**Dataset items**
####################

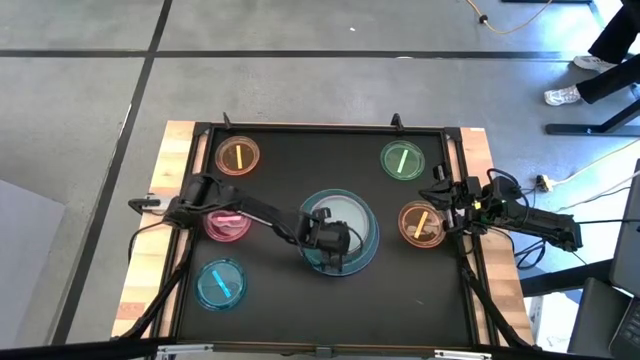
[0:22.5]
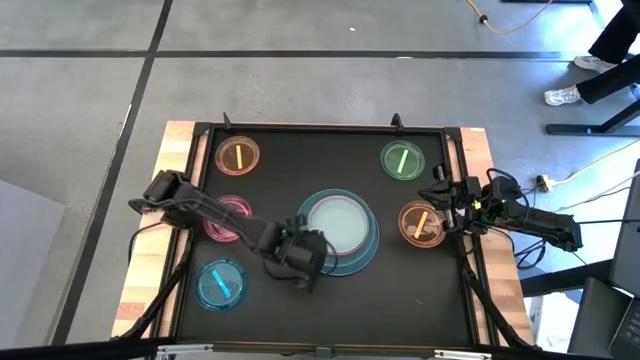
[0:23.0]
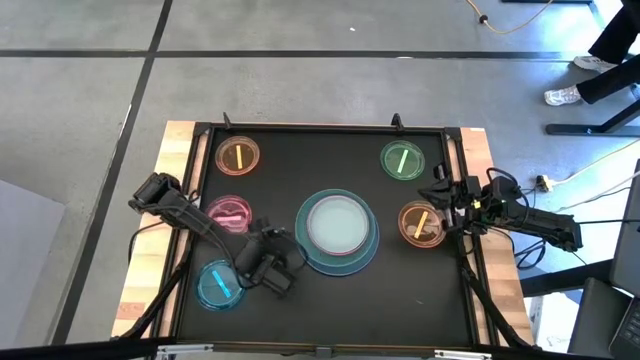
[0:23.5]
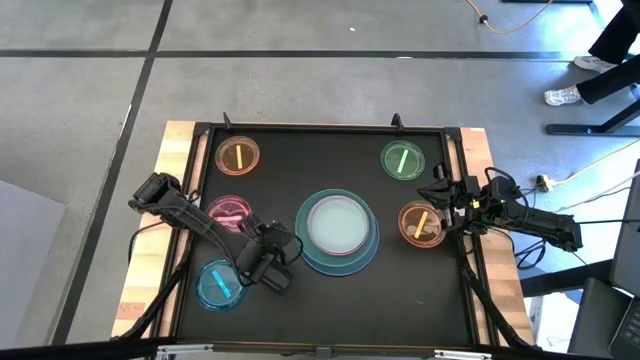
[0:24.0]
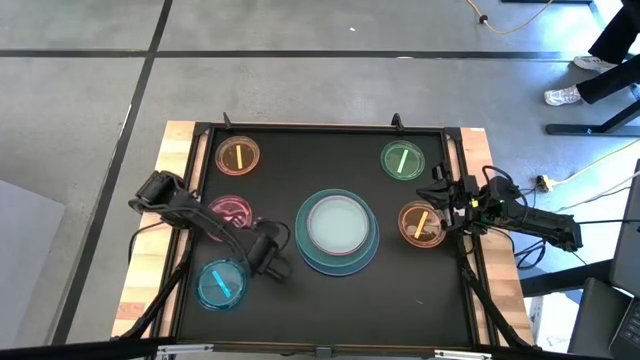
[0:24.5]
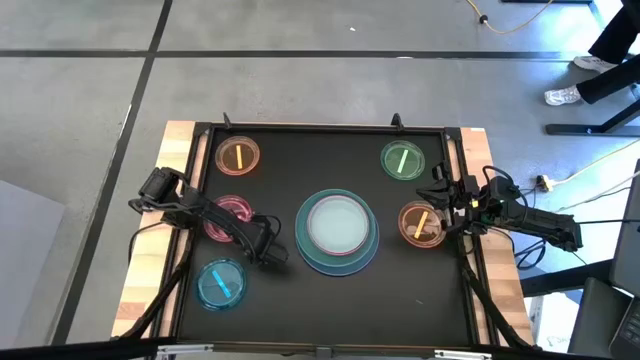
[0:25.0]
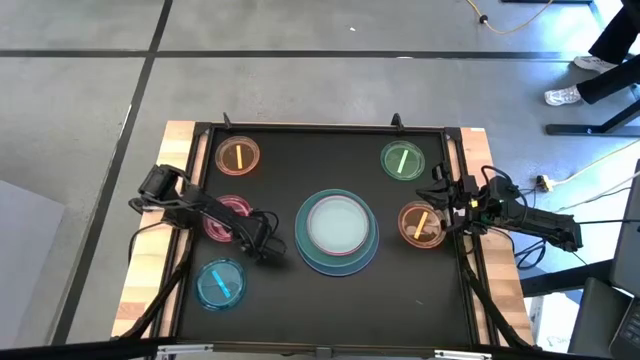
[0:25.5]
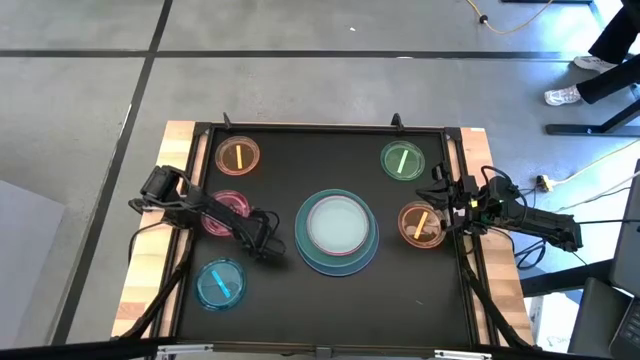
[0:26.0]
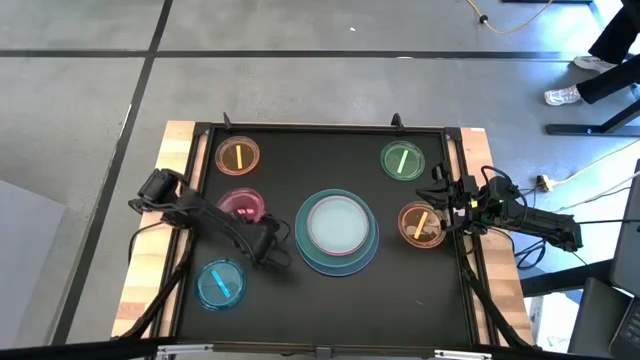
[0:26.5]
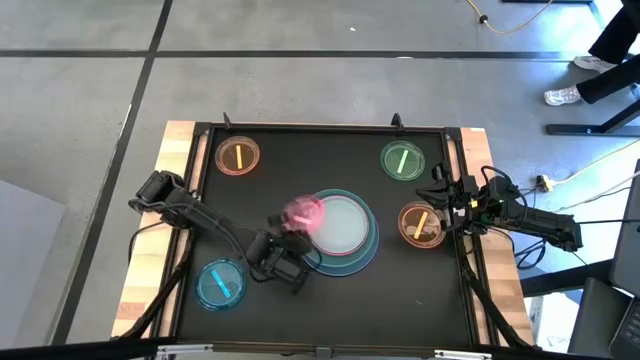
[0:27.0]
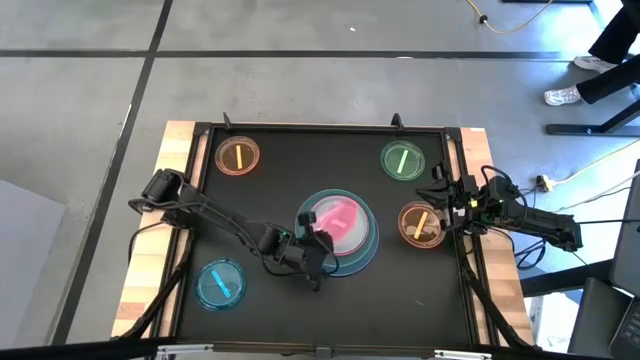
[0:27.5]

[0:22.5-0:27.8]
Task: Stack plastic plates
Stack the light pink transparent plate on the gray plate

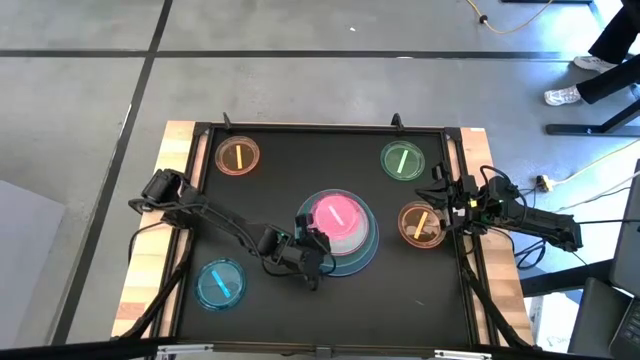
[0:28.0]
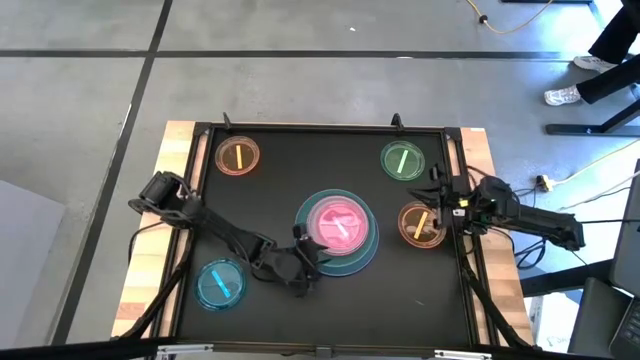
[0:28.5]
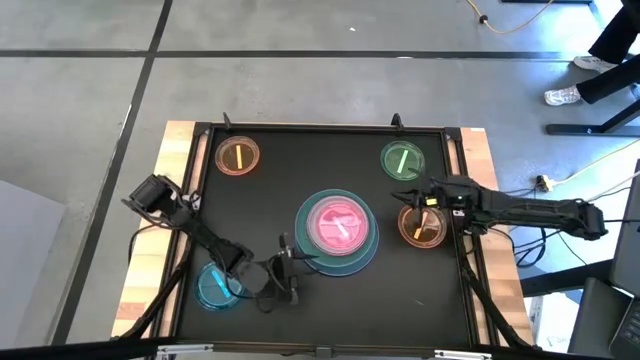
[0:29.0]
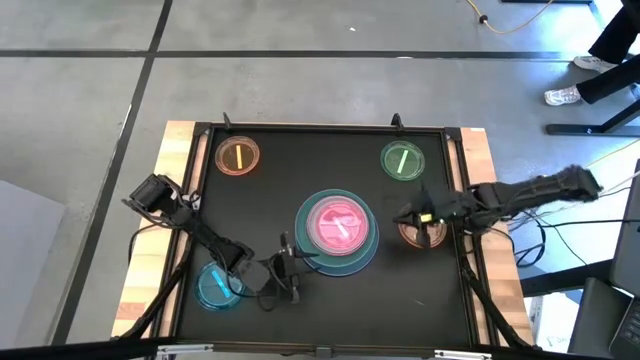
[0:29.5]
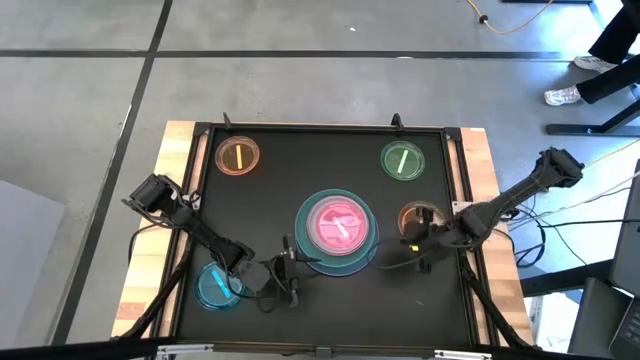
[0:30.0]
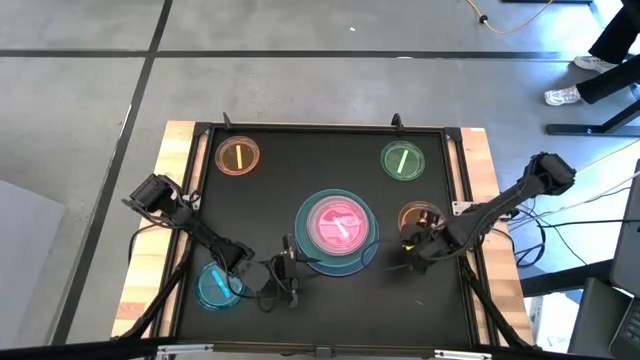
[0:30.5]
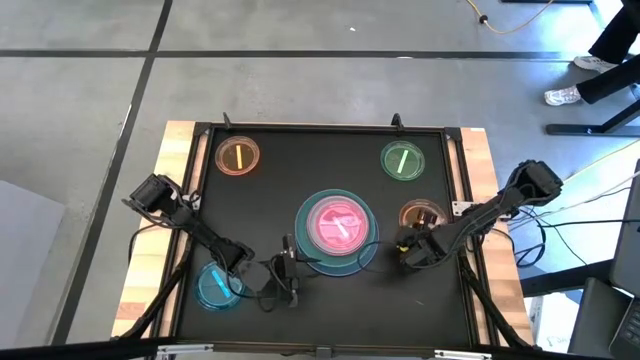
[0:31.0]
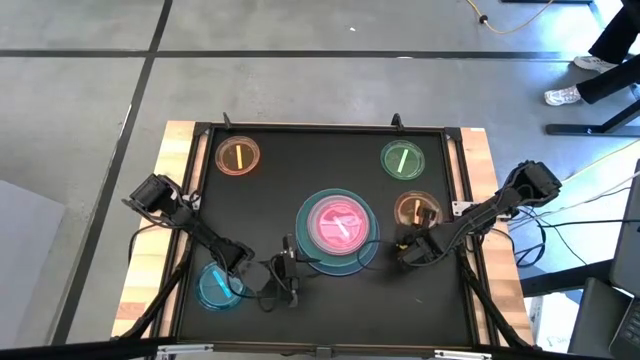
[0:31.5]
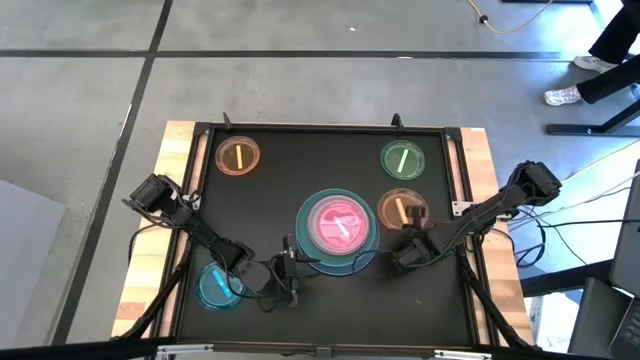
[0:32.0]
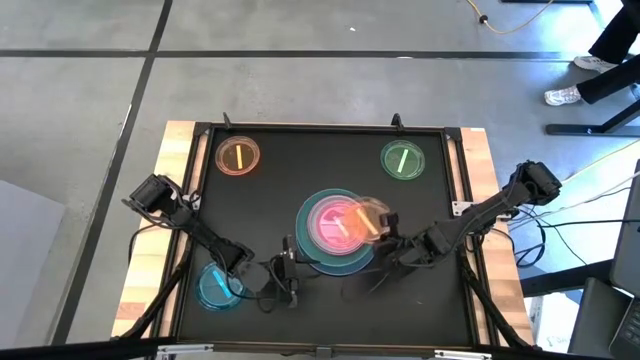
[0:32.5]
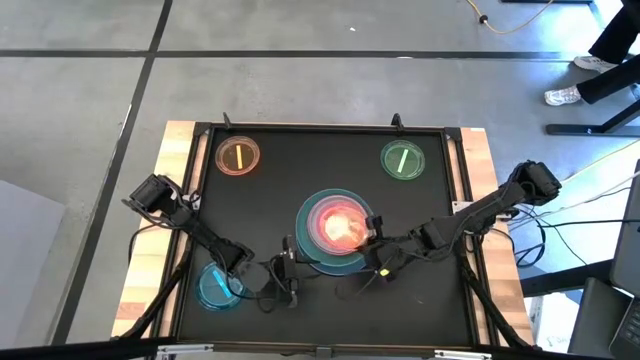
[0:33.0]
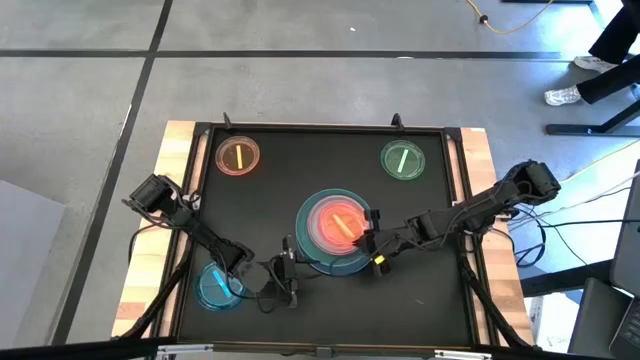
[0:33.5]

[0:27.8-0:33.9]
Stack the bottom light orange transparent plate on the light red transparent plate

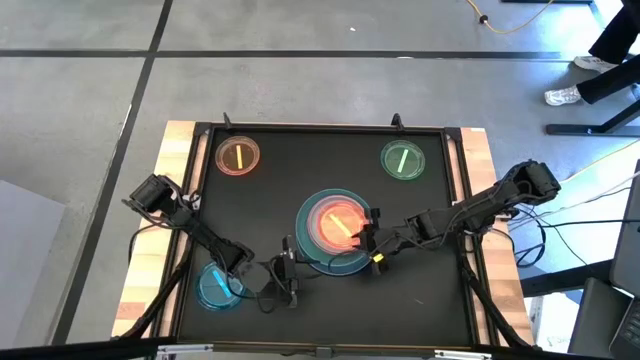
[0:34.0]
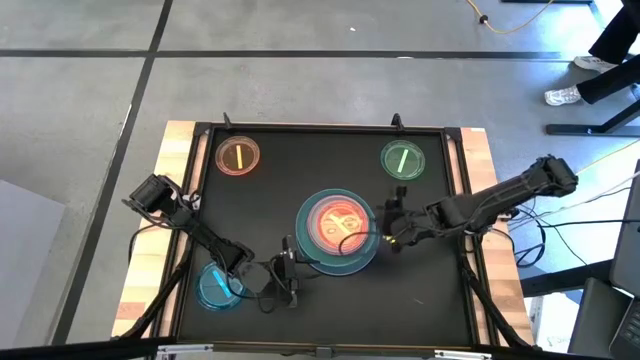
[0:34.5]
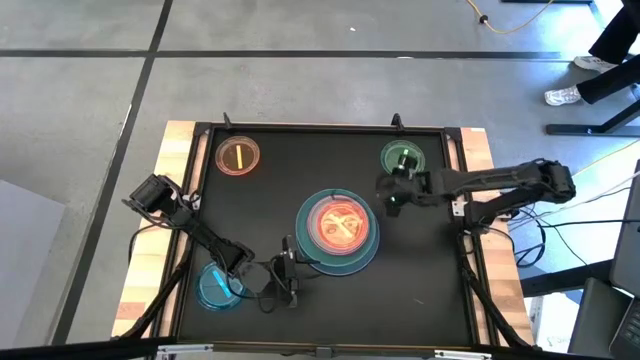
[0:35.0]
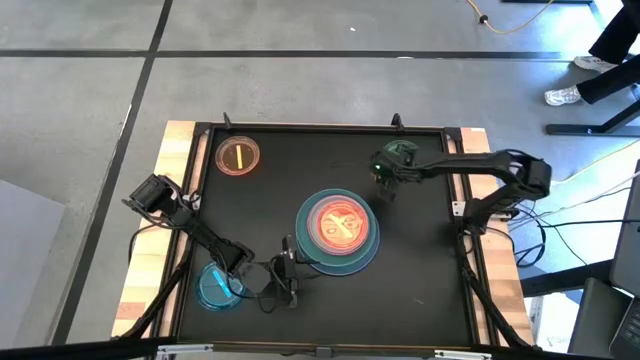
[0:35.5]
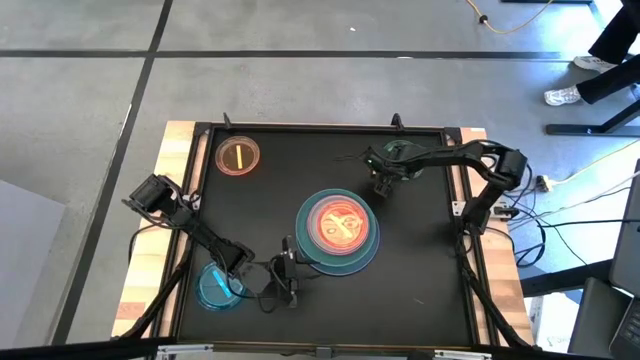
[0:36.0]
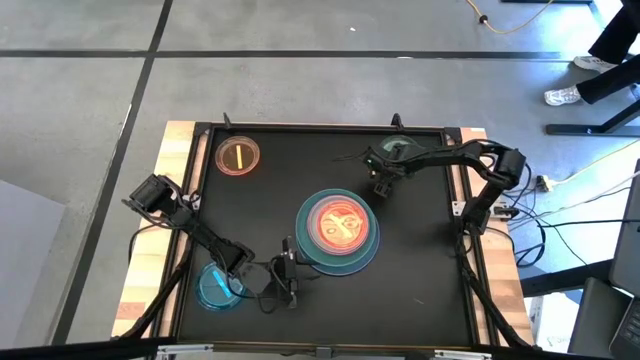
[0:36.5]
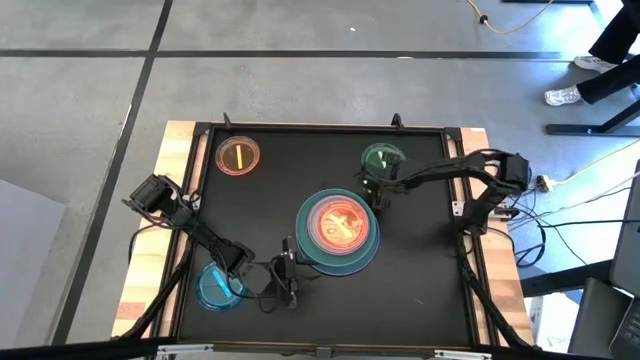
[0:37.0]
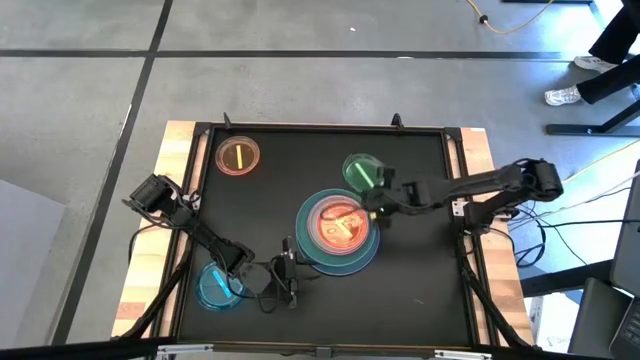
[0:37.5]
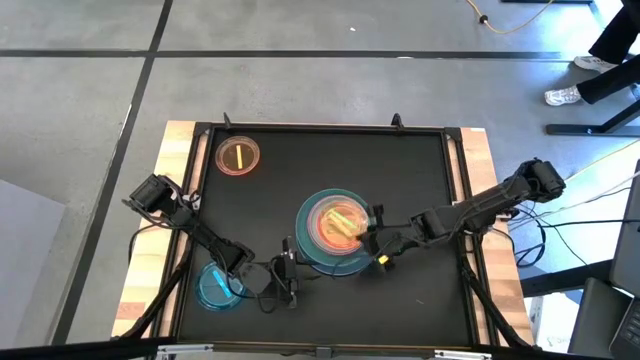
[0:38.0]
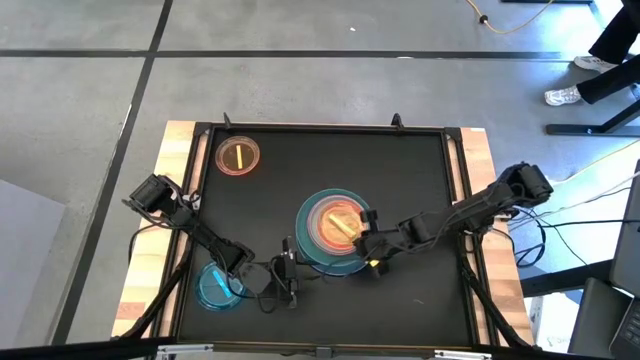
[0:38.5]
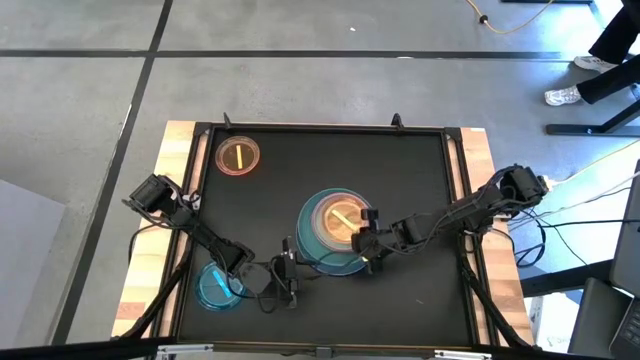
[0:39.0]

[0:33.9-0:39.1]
Stack the light green transparent plate on the light orange transparent plate

####################

Your reply must match the data above line for line, except that it holds no pictures.

[0:22.5]
[0:23.0]
[0:23.5]
[0:24.0]
[0:24.5]
[0:25.0]
[0:25.5]
[0:26.0]
[0:26.5]
[0:27.0]
[0:27.5]

[0:22.5-0:27.8]
Task: Stack plastic plates
Stack the light pink transparent plate on the gray plate

[0:28.0]
[0:28.5]
[0:29.0]
[0:29.5]
[0:30.0]
[0:30.5]
[0:31.0]
[0:31.5]
[0:32.0]
[0:32.5]
[0:33.0]
[0:33.5]

[0:27.8-0:33.9]
Stack the bottom light orange transparent plate on the light red transparent plate

[0:34.0]
[0:34.5]
[0:35.0]
[0:35.5]
[0:36.0]
[0:36.5]
[0:37.0]
[0:37.5]
[0:38.0]
[0:38.5]
[0:39.0]

[0:33.9-0:39.1]
Stack the light green transparent plate on the light orange transparent plate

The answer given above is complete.